Funnel plot showing the effect of maternal corticosteroids in infant death (x axis) against the size of the trial (y axis).

Corticosteroids were also noted to reduce the risk of intracerebral haemorrhage in the neonate—a potent cause of cerebral palsy—and long term follow up suggested that a short course of antenatal corticosteroids does not impede long term development of the brain.

This meta-analysis was widely published as part of a database of all trials in the maternity care field. Soon after that, as Chair of the Audit Committee of the Royal College of Obstetricians and Gynaecologists, the first author developed and promulgated a set of guidelines including, of course, an exhortation to use corticosteroids in people who threatened to give birth prematurely (and in whom there was no contraindication).

Initial observations of practice suggested that this treatment was grossly underused, as half (or less) of mothers giving pre-term birth had also been given corticosteroids. However, the majority of heart attack victims who had not been treated with the appropriate standard for this condition—intravenous administration of clot busting drugs—were ineligible if viewed prospectively; typically they presented too late for the treatment to be effective, or the ECG signs of a heart attack were not present, even though this turned out to be the correct diagnosis in retrospect.2 Suspecting that similar factors might be at work with respect to antenatal corticosteroids, jointly with colleagues we carried out a NHS centrally commissioned R&D study to examine uptake of this effective standard among eligible patients. As shown in figure 2, we confirmed a massive increase in the use of corticosteroids among cases where there was an opportunity to give this treatment—in many cases the woman presented too late, and the figures would have been much less impressive had we not taken care to exclude these.

Figure 2

The compendium of effectiveness research “Effectiveness and Childbirth and Maternity Care” was issued in 1989 and the Royal College guidelines promulgated in the early 1990s. The figure shows compliance, in 20 randomly chosen hospitals in England and Wales, with the injunction to give antenatal corticosteroids to women who threaten to give birth prematurely before promulgation of the guidelines (1988) and later (1996).

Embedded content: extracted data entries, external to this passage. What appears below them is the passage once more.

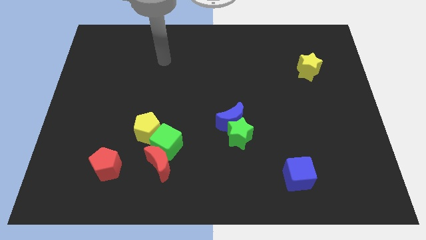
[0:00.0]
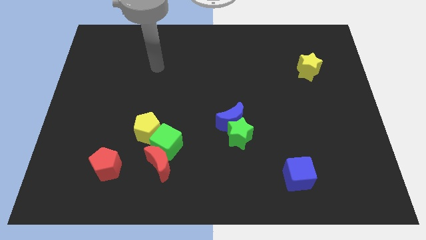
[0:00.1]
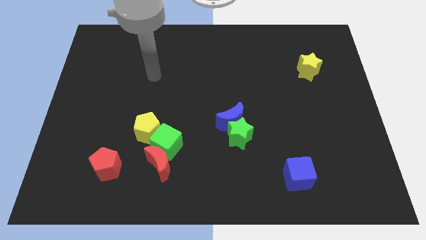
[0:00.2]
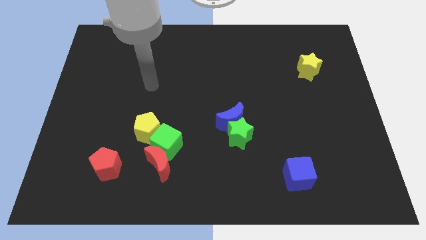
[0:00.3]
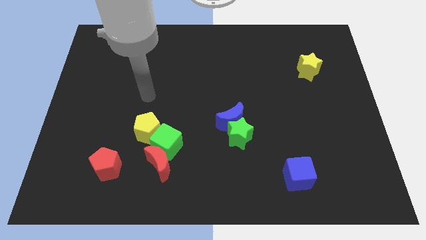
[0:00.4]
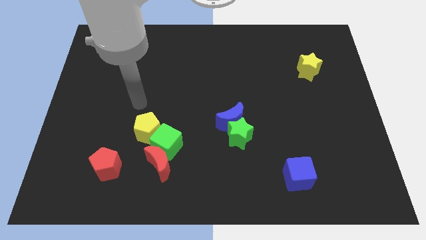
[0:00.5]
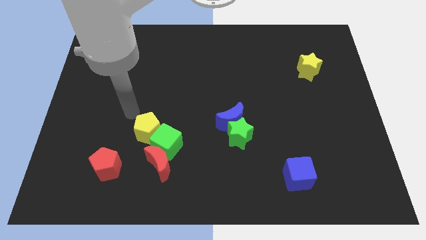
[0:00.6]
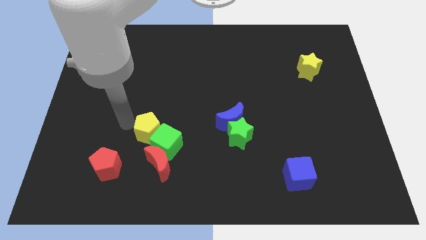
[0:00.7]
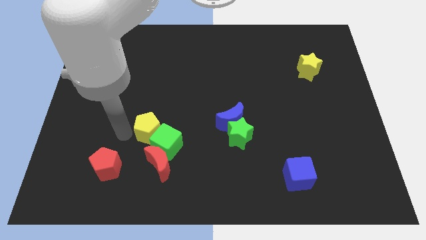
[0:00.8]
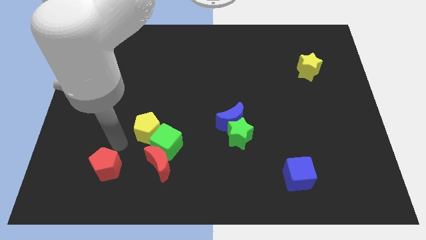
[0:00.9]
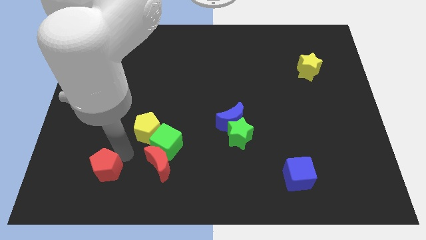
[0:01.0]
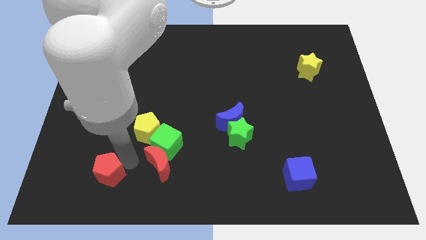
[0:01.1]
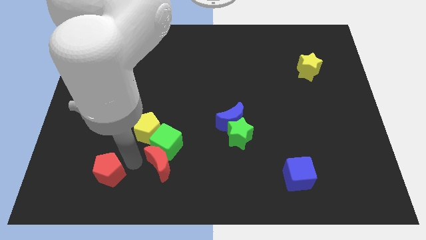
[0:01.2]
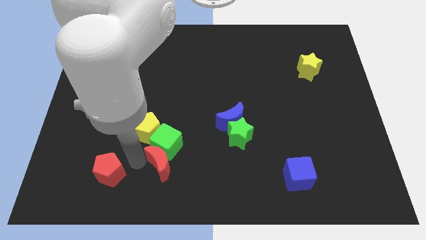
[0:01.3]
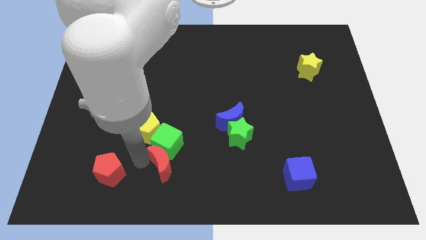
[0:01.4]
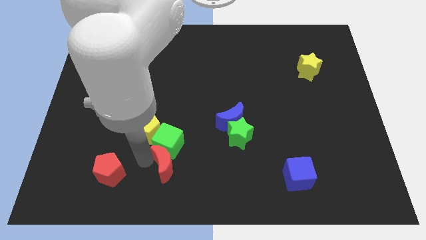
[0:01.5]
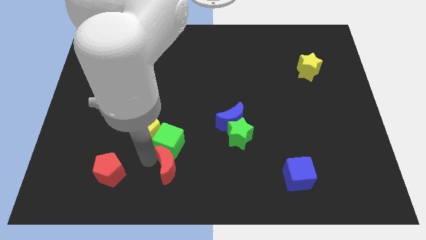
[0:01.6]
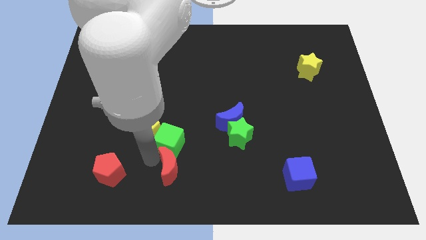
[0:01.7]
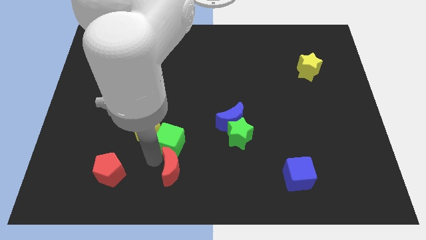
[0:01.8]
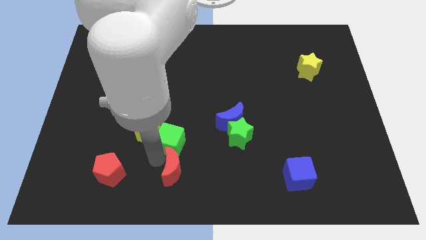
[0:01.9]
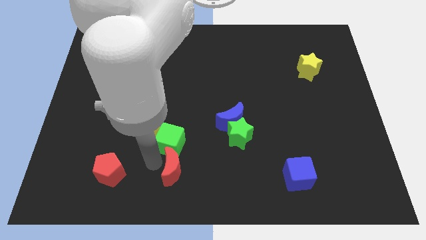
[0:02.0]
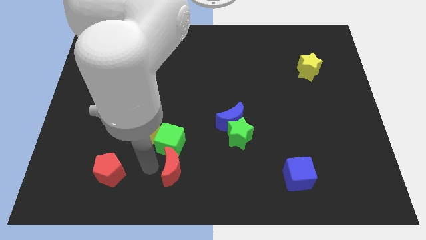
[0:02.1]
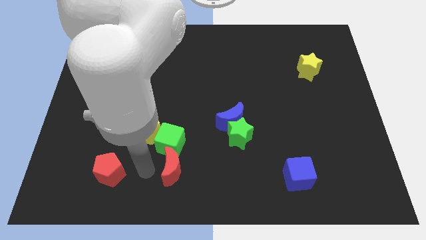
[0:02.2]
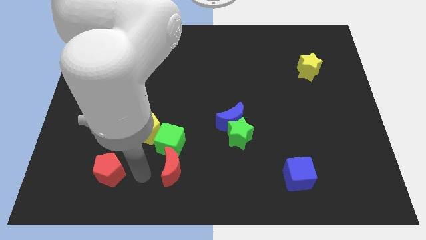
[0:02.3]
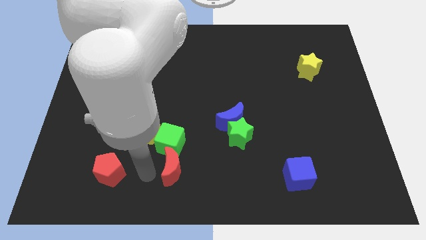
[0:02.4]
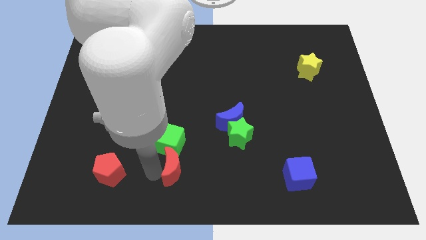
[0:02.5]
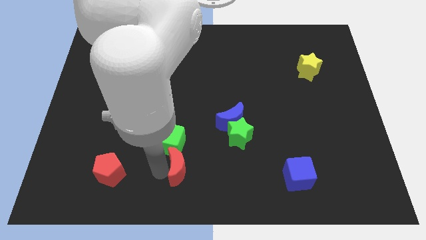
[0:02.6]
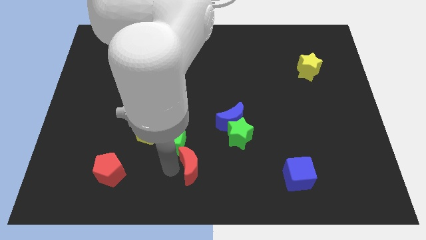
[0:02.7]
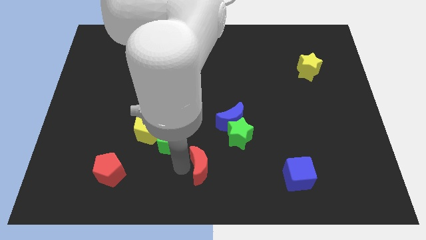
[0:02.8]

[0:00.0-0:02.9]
push the red moon a little to the right

So here we have the paradigm of evidence-based medicine. An astute scientist carrying out basic research makes an interesting observation with implications for novel treatment. This is tested in randomised trials, in different parts of the world, and they are collated in a meta-analysis. In some cases, benefits must be weighed against the side effects by decision analysis. The results are then appraised by a professional group responsible for developing clinical policy (for example, a Medical Royal College or National Appraisal Centre) and in this way guidelines are developed. The impact of these guidelines is assessed by clinical audit and if barriers to implementation are identified, then these are tackled by some form of managerial action—clinical governance. This paradigm for development of clinical practice—so called evidence-based care—seems so self contained and well worked out, that it has been argued that as far as methodological development is concerned, we have reached what Francis Fukuyama dubbed “the end of history”.3 The purpose of this talk is to refute this notion, and to suggest that we are in the infancy of our methodological understanding.

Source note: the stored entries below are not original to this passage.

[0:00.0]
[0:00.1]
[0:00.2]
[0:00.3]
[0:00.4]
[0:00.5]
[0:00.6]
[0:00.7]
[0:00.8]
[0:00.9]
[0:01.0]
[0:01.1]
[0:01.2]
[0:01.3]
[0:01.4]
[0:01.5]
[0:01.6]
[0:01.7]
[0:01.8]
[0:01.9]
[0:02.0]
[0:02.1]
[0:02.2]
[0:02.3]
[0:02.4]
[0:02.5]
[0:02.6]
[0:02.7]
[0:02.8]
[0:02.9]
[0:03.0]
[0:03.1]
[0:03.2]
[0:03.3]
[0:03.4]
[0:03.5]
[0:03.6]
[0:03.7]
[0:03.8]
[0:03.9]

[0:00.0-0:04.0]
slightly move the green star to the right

A theory of decision making

As our subject is the relation between evidence and decision, we need a theory of decision making if we are to move forward. In circumstances where the desire is to maximise utility (well being), the optimum decision can be shown to be dependent on the probabilities of various outcomes, and the values placed on those outcomes. In the example given above, concerning a single short course of corticosteroids to promote fetal lung maturity, there are no known material disadvantages. When there are no “costs”, the main effect is “dominant” and there is no need for values, but more typically in modern health care, trade offs are involved. Expected utility can be calculated as a sum of the values, weighted by their probability of occurring. Decision analysis (and its economic variant, cost utility analysis) raises some fiendishly difficult issues, which we will not go into here, but which are discussed elsewhere.4 Here we wish only to make the key point that the underlying purpose of evaluative research is to provide the probabilities on which decisions turn. Simply stated, evaluative research seeks to answer the following question:

scenario A, what are the probabilities of outcome M, or N, or . . . given decision X, or Y, or . . .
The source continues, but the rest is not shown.